The two figures below illustrate the effectiveness of real-time business demand tracking. The first (Figure 1) shows how close the actual demand can be tracked, including when an unforecast demand is presented (also textually described below). The second figure compares the cost impact of two approaches, the first being simple timed resource provisioning (non-demand sensing) and the second being the effectiveness of real-time demand sensing (as described in this approach). The relative service/transaction cost using this approach is relatively flat!
Business forecasting in real-time.
1. In this example, the forecast (“FNext”) is calculated from the business demand profile (“Forecast”) and the actual transaction demand (“Trans”). There is no additional buffering or algorithm included for safety margins or error handling – the example is purely to
demonstrate the effectiveness of the basic approach.
2. The time interval has been set to one hour to simplify visualization of the example. The “FNext” is showing what the next expected business demand interval, based on the previous. Therefore the 10:00am “FNext” point is derived from the 09:00am “Trans” point. 3. Between 13:00 and 15:00 hours, 200,000 records were removed from the actual transaction
record to synthesize the effect of a negative business demand event. At 16:00 hours the business demand is returned to what it was, synthesizing a positive business demand spike. The recovery from these synthetic demand changes is minimal.
Figure 1: Business Demand Prediction Algorithm Operation
Reporting Example
In this example, a single business process is shown in operation. The basic components of the graph include the overall business process capacity, the forecast business demand profile, the actual business demand and the response time. This graph is continuously updated, giving near real-time operation performance. The example shows operation up to 5pm.
As the business load increases, the provisioning algorithm uses a safety margin in its calculation to establish resource changes. In this example, the peak allocation of resources available to this process is 40 units.
The business process follows that of a simple transactional response system. Where the business demand exceeds the capacity of the system to perform, saturation occurs resulting in response time blowout.
In this example, the SLA is set for responsiveness for 30 units, even though the average is 12.
Additionally, the anticipated business demand was defined within the SLA as 30 units, but efforts are made to accommodate excess demand – in this case the business owner would have received a message to say their business demand exceeded their agreed to levels, and now service provision was being performed on a best-efforts basis, while the business demand exceeds the defined level – no penalties are enforceable.

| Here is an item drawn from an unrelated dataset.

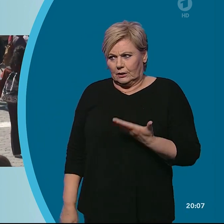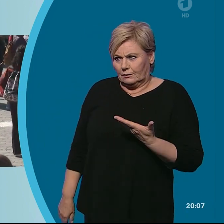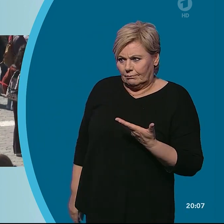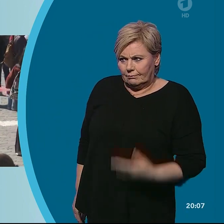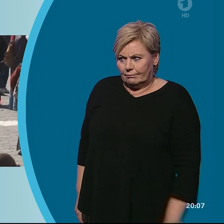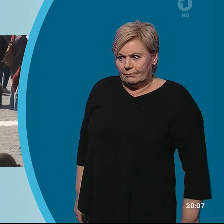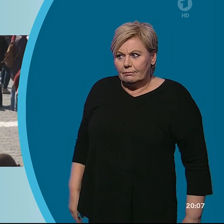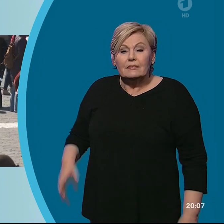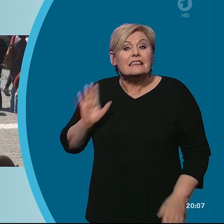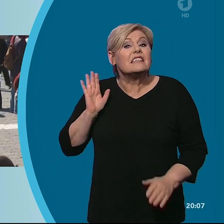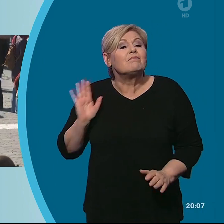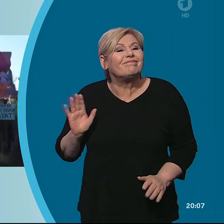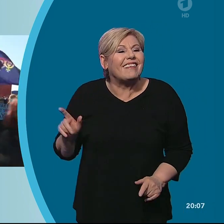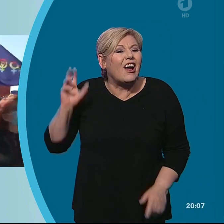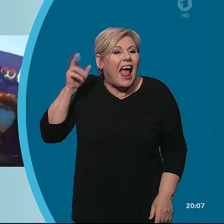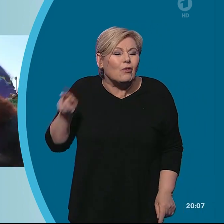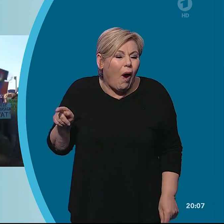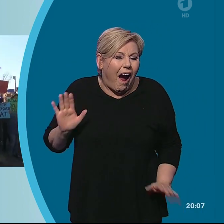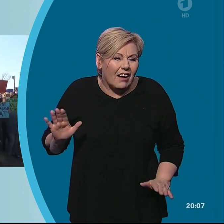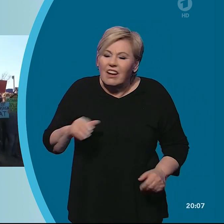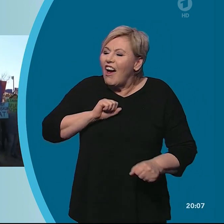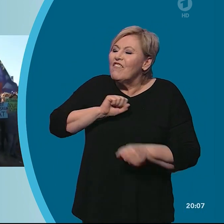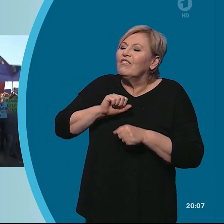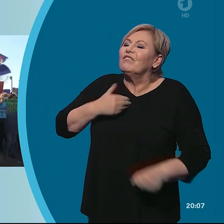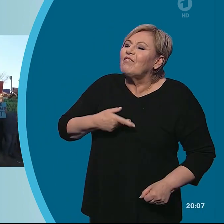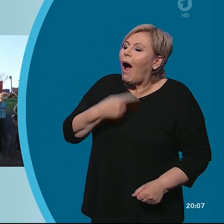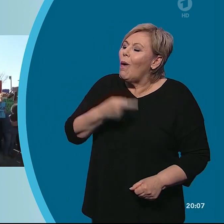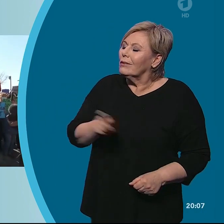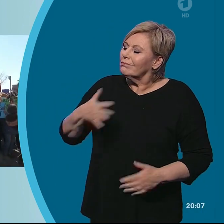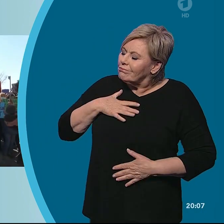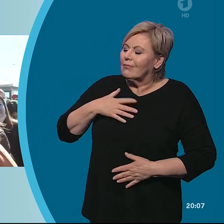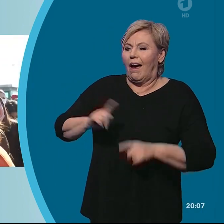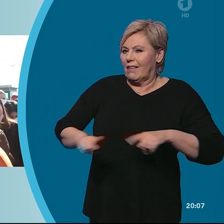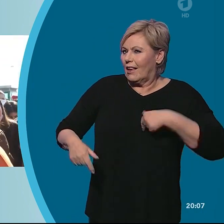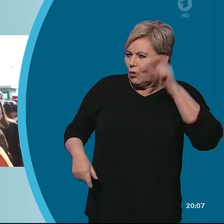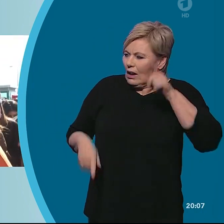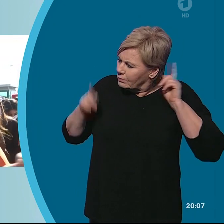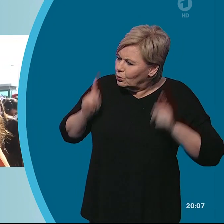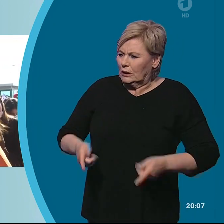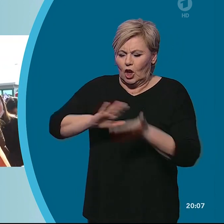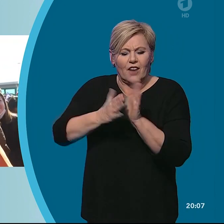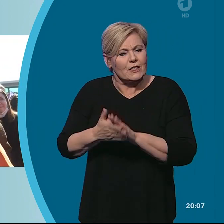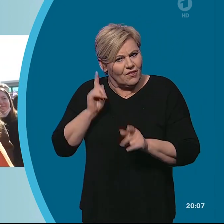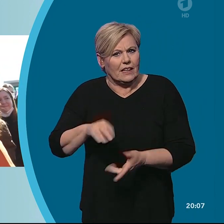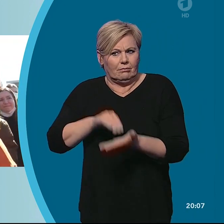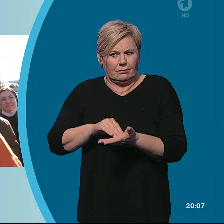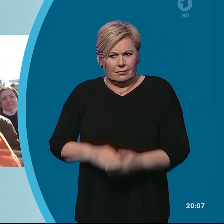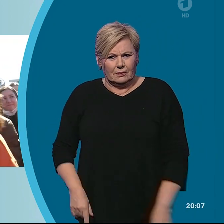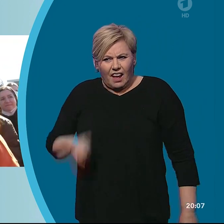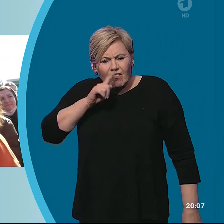unserer, sagen die Frauen auf der Demo und fordern die Wiederaufnahme der Konvention. Welcher Mann fühlt sich unsicher, wenn er abends allein nach

One of the advantages of real-time reporting to the service desk is that a call to the desk can be quickly and analytically qualified. If the service response time rises to 20 units, and the SLA is set to 30 units, the response may be slower, but no escalation or analysis is launched – saving money, resources and pain. Similarly, if the customer is angry from ‘other’ events (crashed the car coming in, upset with the kids, …..), then the customer response can again be qualified and appropriate
instructions issued. Note: This class of reporting is one by-product of this approach.
These are only two facets of what a mature and optimising CCMI level 4/5 function can delivery, which partially integrates at least four of the ITIL domains.